SD = sqrt((1/n) * SUM((Xi - X)^2))

Where SD is Standard Deviation, n is the number of values ​​in the sample, Xi is each value in the sample, X is the arithmetic mean of the sample.

The resulting Standard Deviation value shows how much each value in the sample differs from its arithmetic mean. The larger the Standard Deviation value, the greater the spread of data in the sample.

Deviation Standard is also an important indicator for determining the significance of differences between different samples. If two samples have similar mean values ​​but have significantly different Standard Deviation, this may indicate significant differences between the samples.

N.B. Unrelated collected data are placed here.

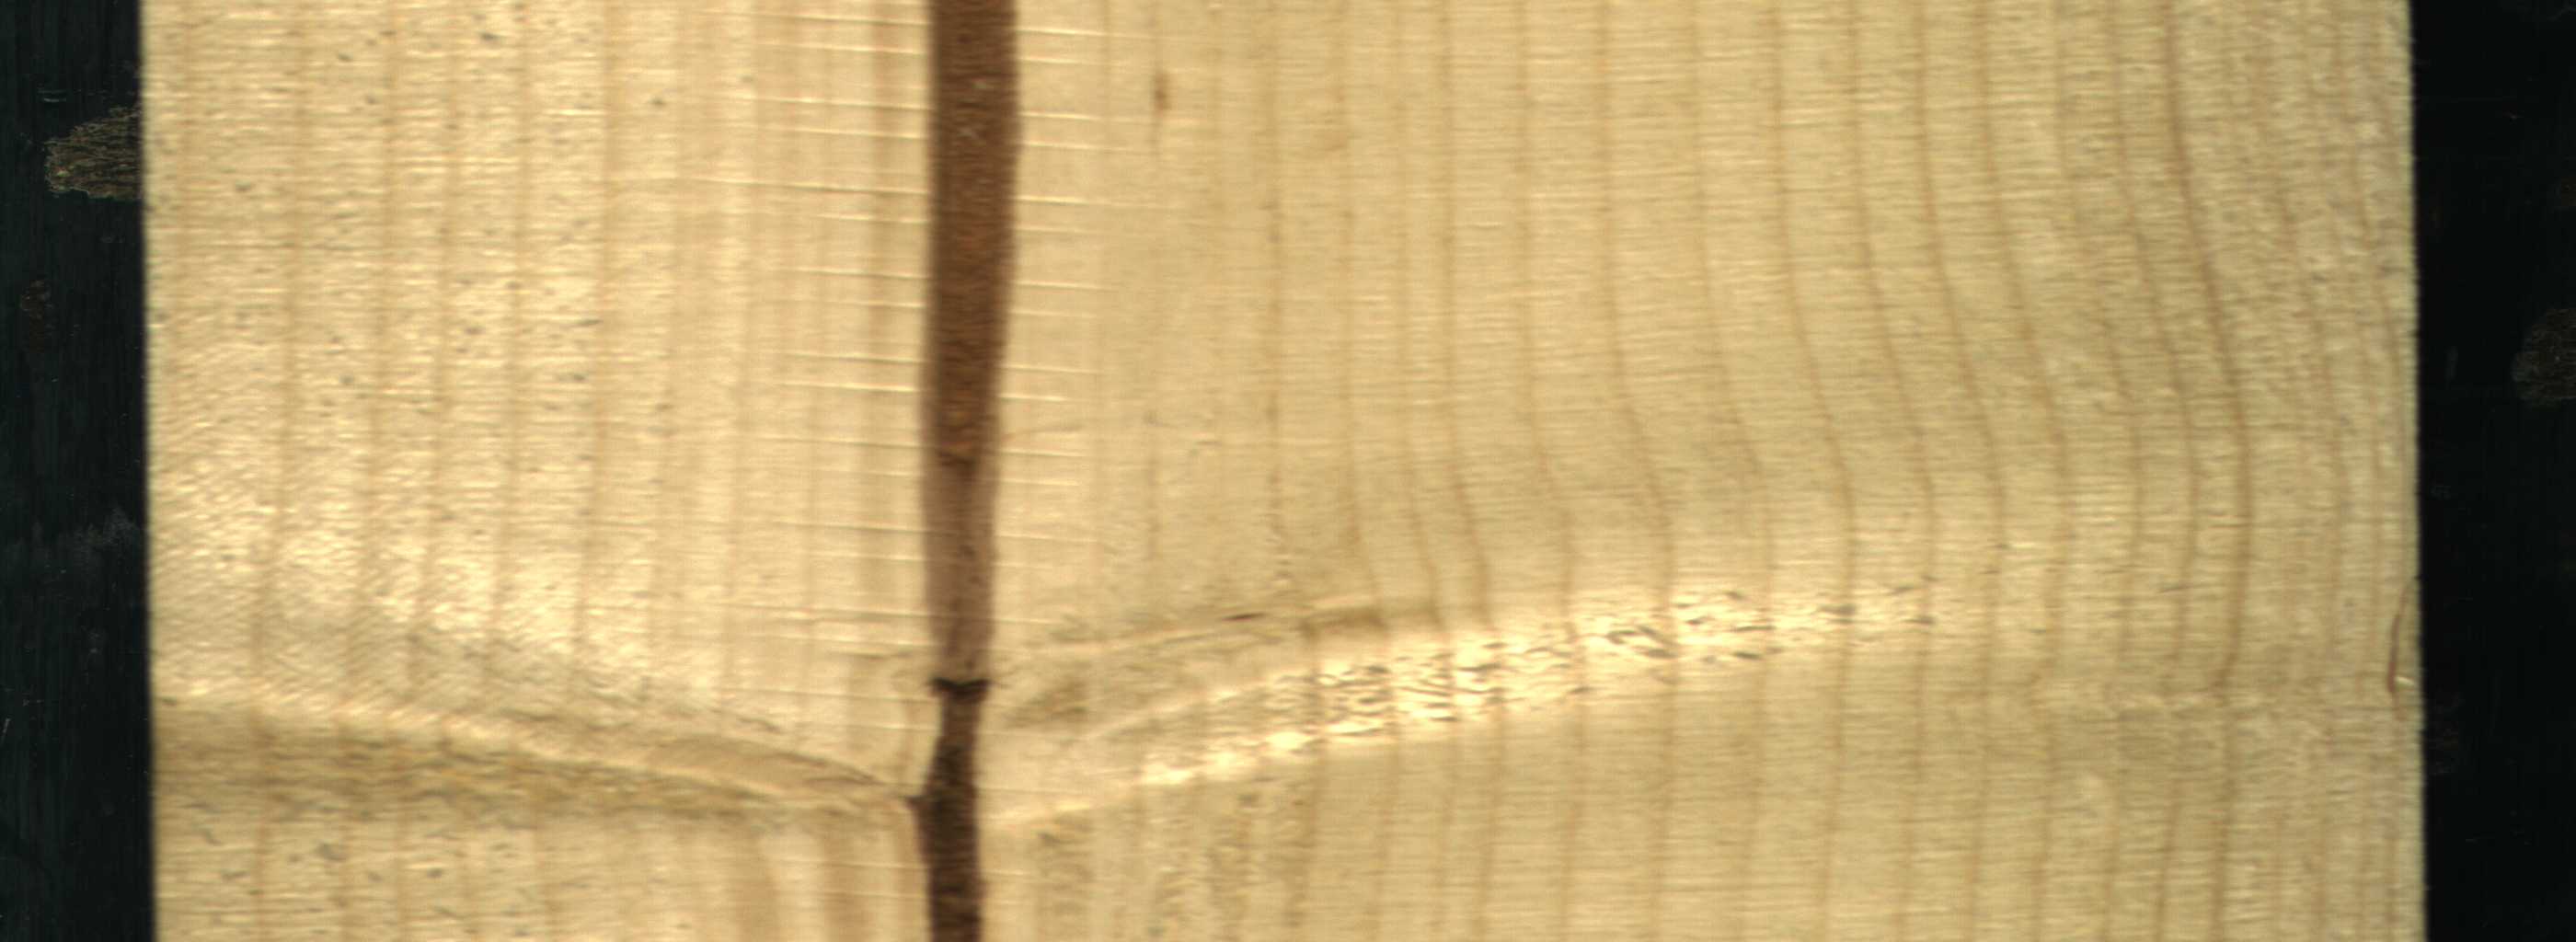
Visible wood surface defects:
Marrow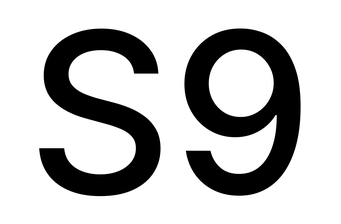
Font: Inter_Medium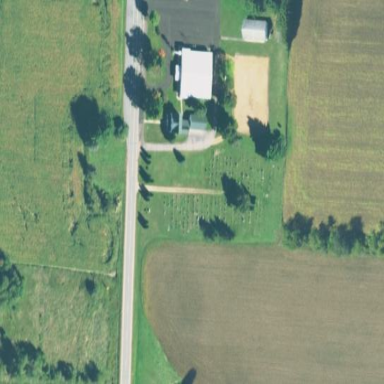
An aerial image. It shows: Cemetery.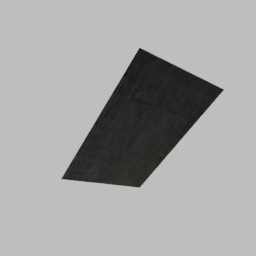
Label: decoration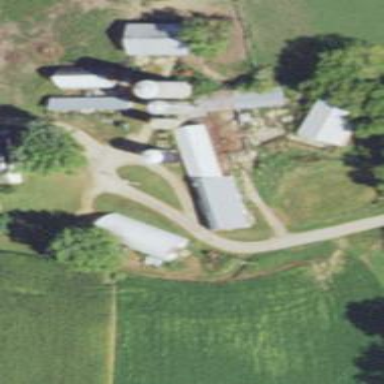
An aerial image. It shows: Silo building.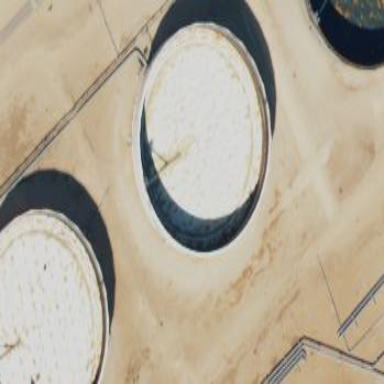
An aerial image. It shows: Storage tank with man-made structure.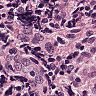
Metastatic tissue present: no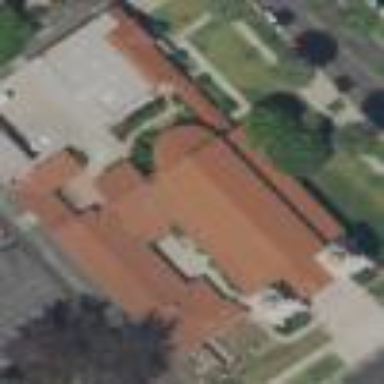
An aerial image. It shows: Building that serves as place of worship.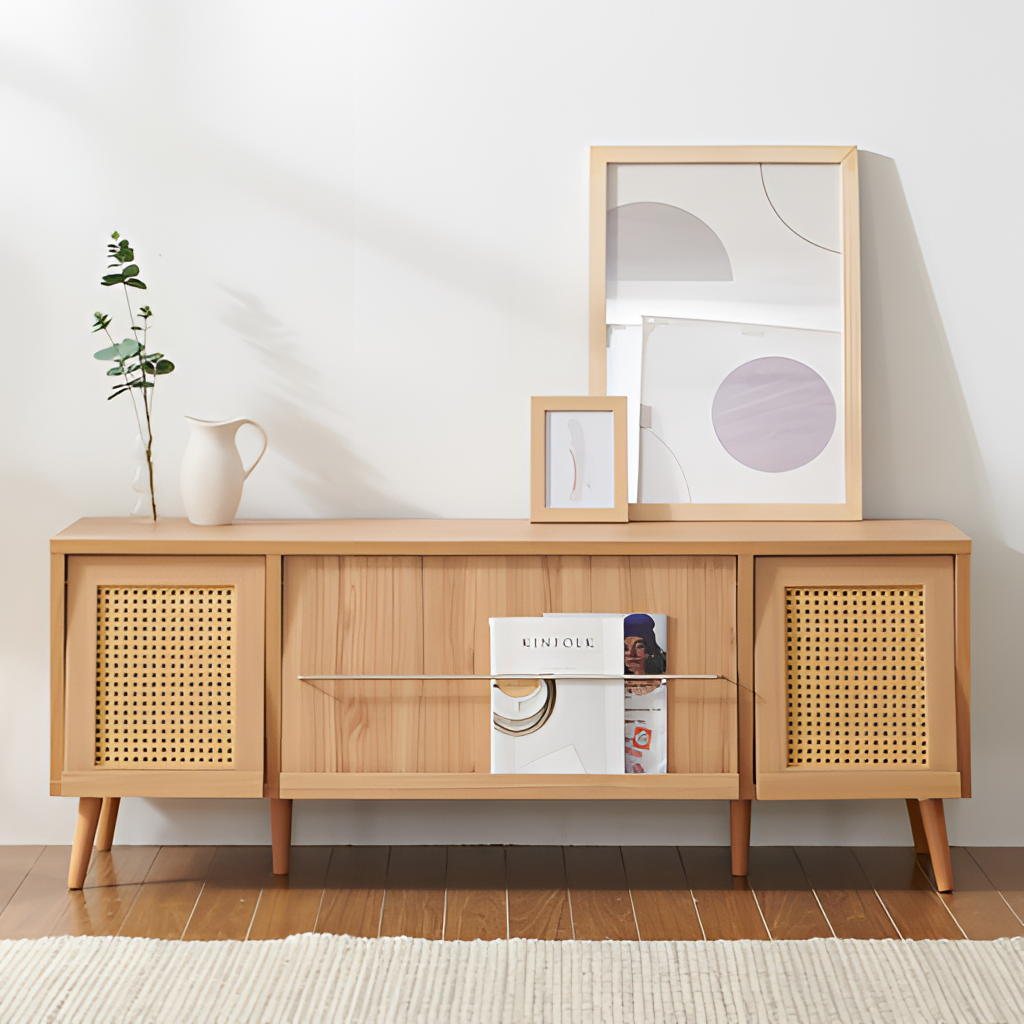
living room, wood sideboard, paint wallpaper, with solid pattern, brown wood flooring, with plank pattern, Scandinavian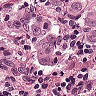
Metastatic tissue present: yes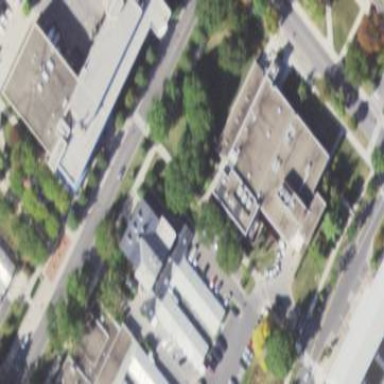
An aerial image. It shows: View of university building.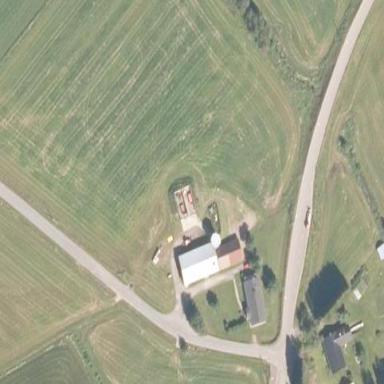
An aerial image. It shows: Farmyard area.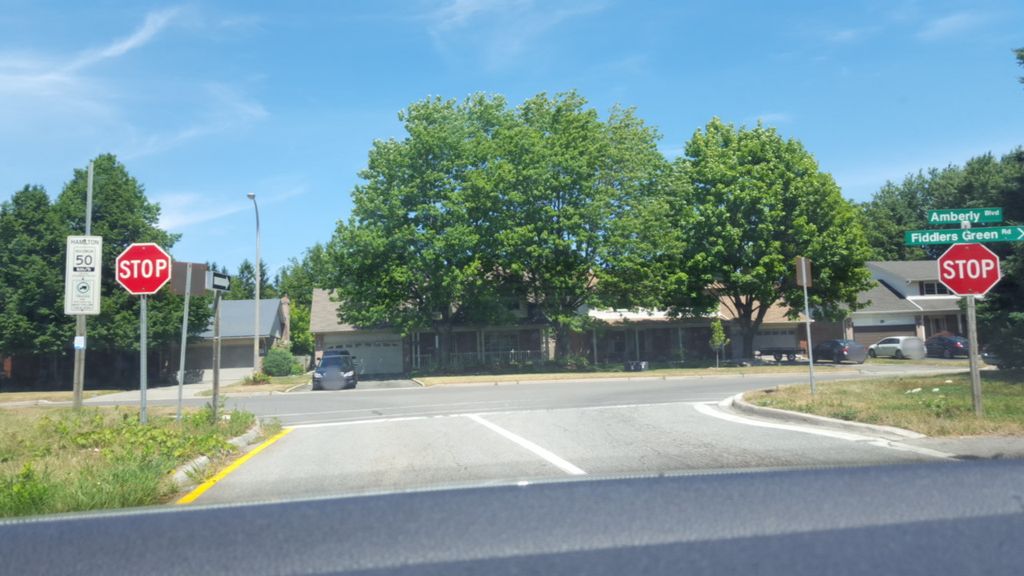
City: hamilton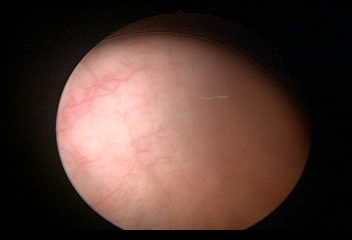
Modality: WLC
Class: Normal mucosa
Bladder cancer association: No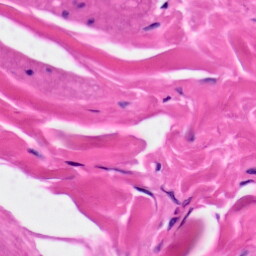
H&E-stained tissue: Skin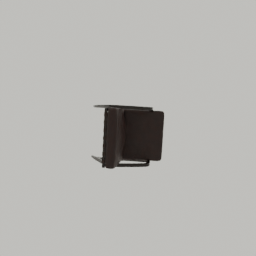
Label: furniture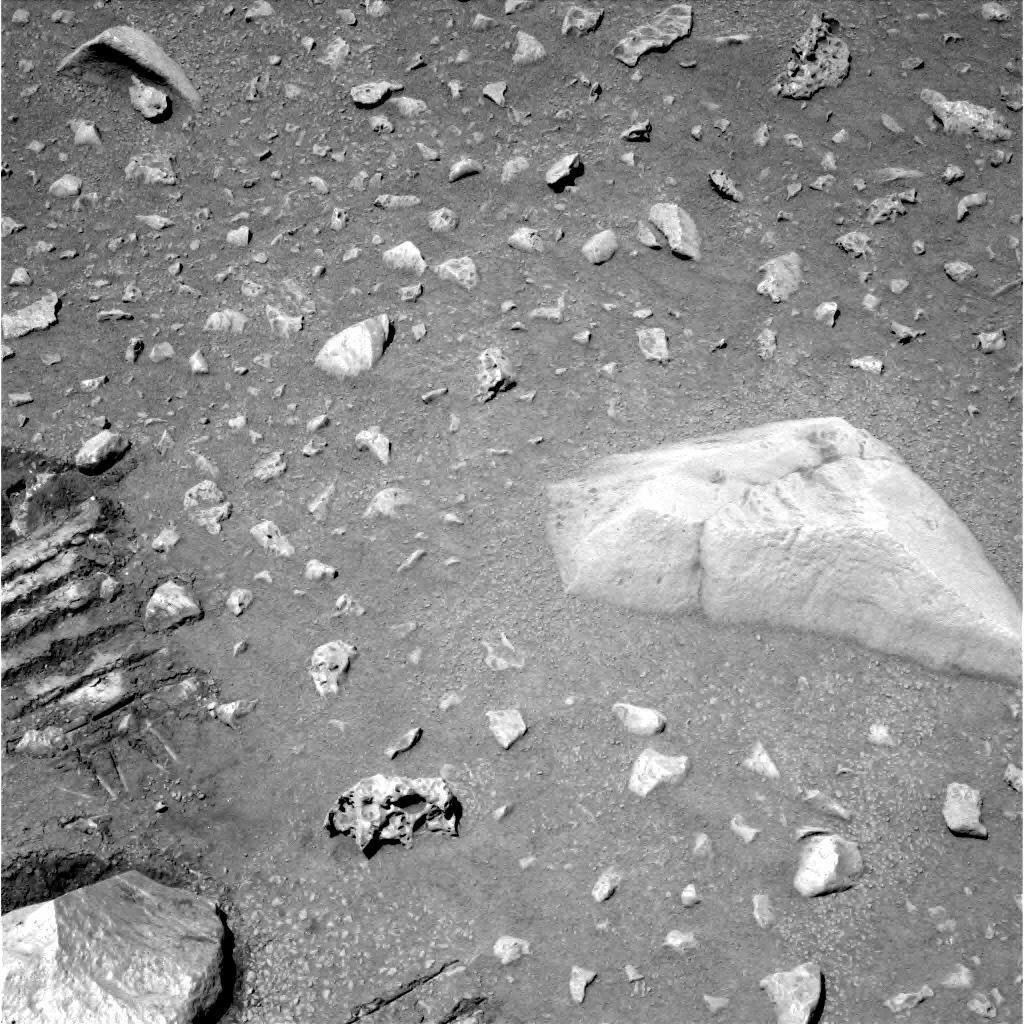
Terrain classes present: Gravel / Sand / Soil, Rock, Shadow, Track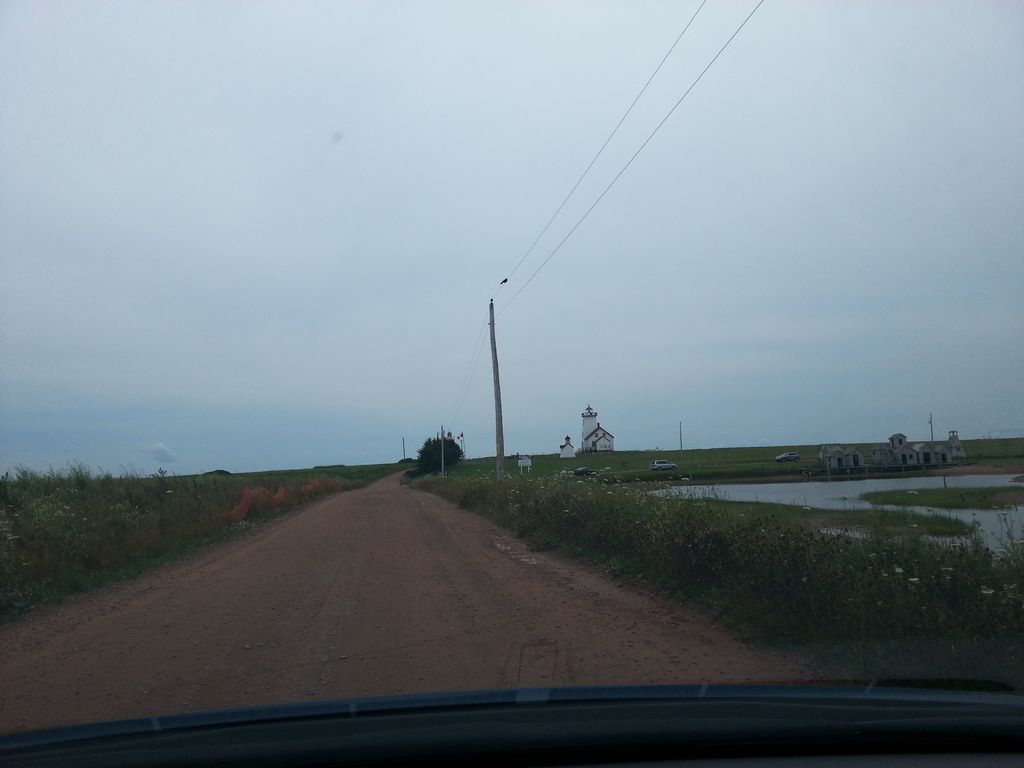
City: charlottetown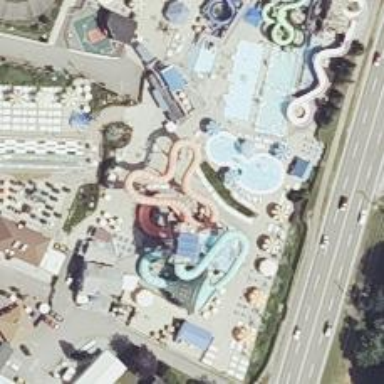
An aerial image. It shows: Water slide attraction.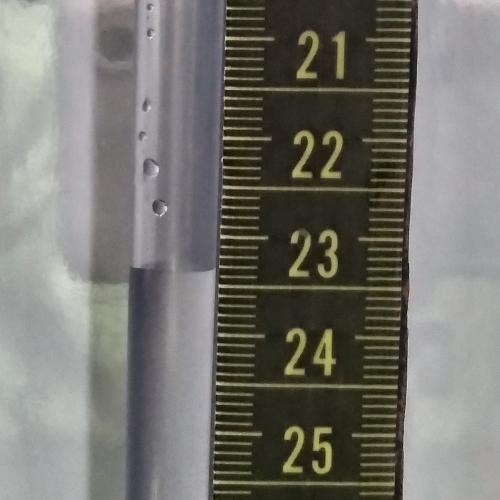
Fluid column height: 23.4 cm
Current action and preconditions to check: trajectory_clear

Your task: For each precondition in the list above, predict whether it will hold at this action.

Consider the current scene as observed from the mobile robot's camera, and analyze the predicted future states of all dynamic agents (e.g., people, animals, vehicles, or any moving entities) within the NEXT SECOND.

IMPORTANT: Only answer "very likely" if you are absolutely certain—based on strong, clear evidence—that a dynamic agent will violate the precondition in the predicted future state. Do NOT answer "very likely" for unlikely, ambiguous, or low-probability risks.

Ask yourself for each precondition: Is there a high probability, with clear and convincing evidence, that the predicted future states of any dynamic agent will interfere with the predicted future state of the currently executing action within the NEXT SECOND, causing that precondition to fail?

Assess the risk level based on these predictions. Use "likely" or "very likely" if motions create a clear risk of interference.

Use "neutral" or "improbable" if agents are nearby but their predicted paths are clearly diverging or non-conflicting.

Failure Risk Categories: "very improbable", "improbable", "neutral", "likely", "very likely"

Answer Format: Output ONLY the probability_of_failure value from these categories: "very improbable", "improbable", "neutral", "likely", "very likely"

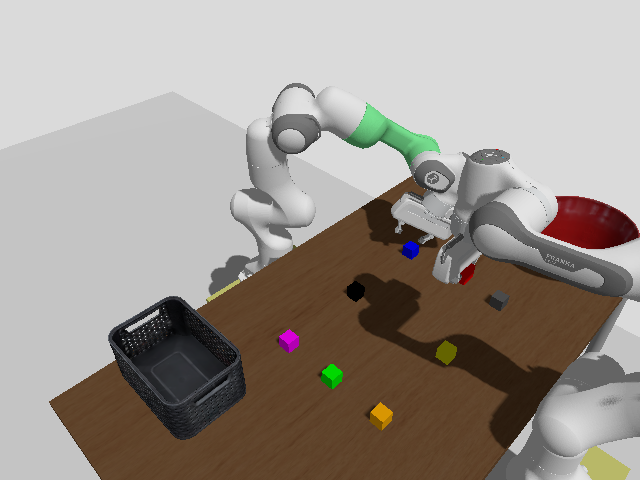

Answer: very improbable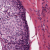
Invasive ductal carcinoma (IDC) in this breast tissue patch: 0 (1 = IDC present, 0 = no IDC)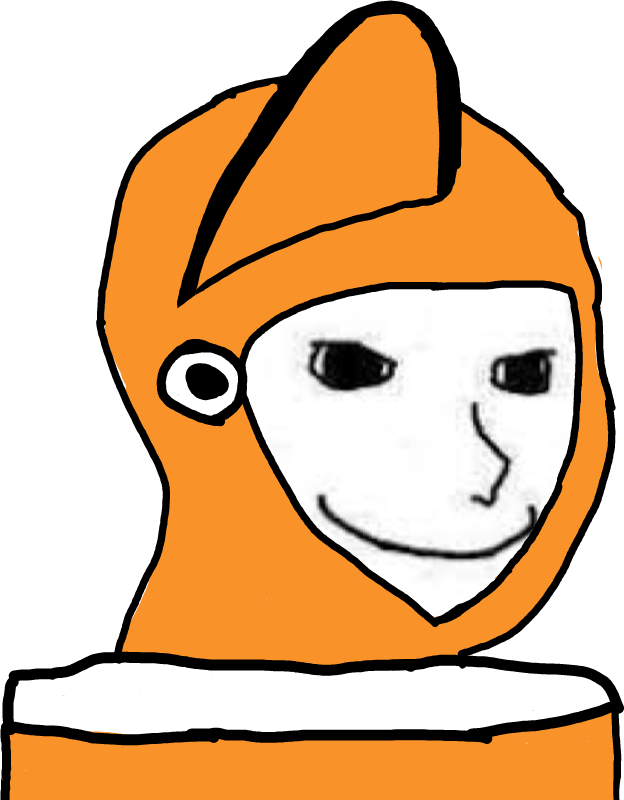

In conclusion, Standard Deviation is an important measure that is used to evaluate the dispersion of data in a sample. It allows you to determine how far the values ​​in a sample differ from its arithmetic mean and is an important tool for statistical data analysis.



  1. (in statistics) determination of the spread of the obtained values ​​of observed quantities near their arithmetic mean value, which is calculated as the square root of the deviations (variance) of the sample values. The arithmetic sum of all deviations from the mean must be zero; if these deviations are squared before summation, then a positive value is obtained: the average value of this value is precisely the desired standard deviation. In practice, it is more expedient to estimate the value of the standard deviation by dividing the resulting sum of squared deviations by a value that is one less than the total number of observations. See also Significance.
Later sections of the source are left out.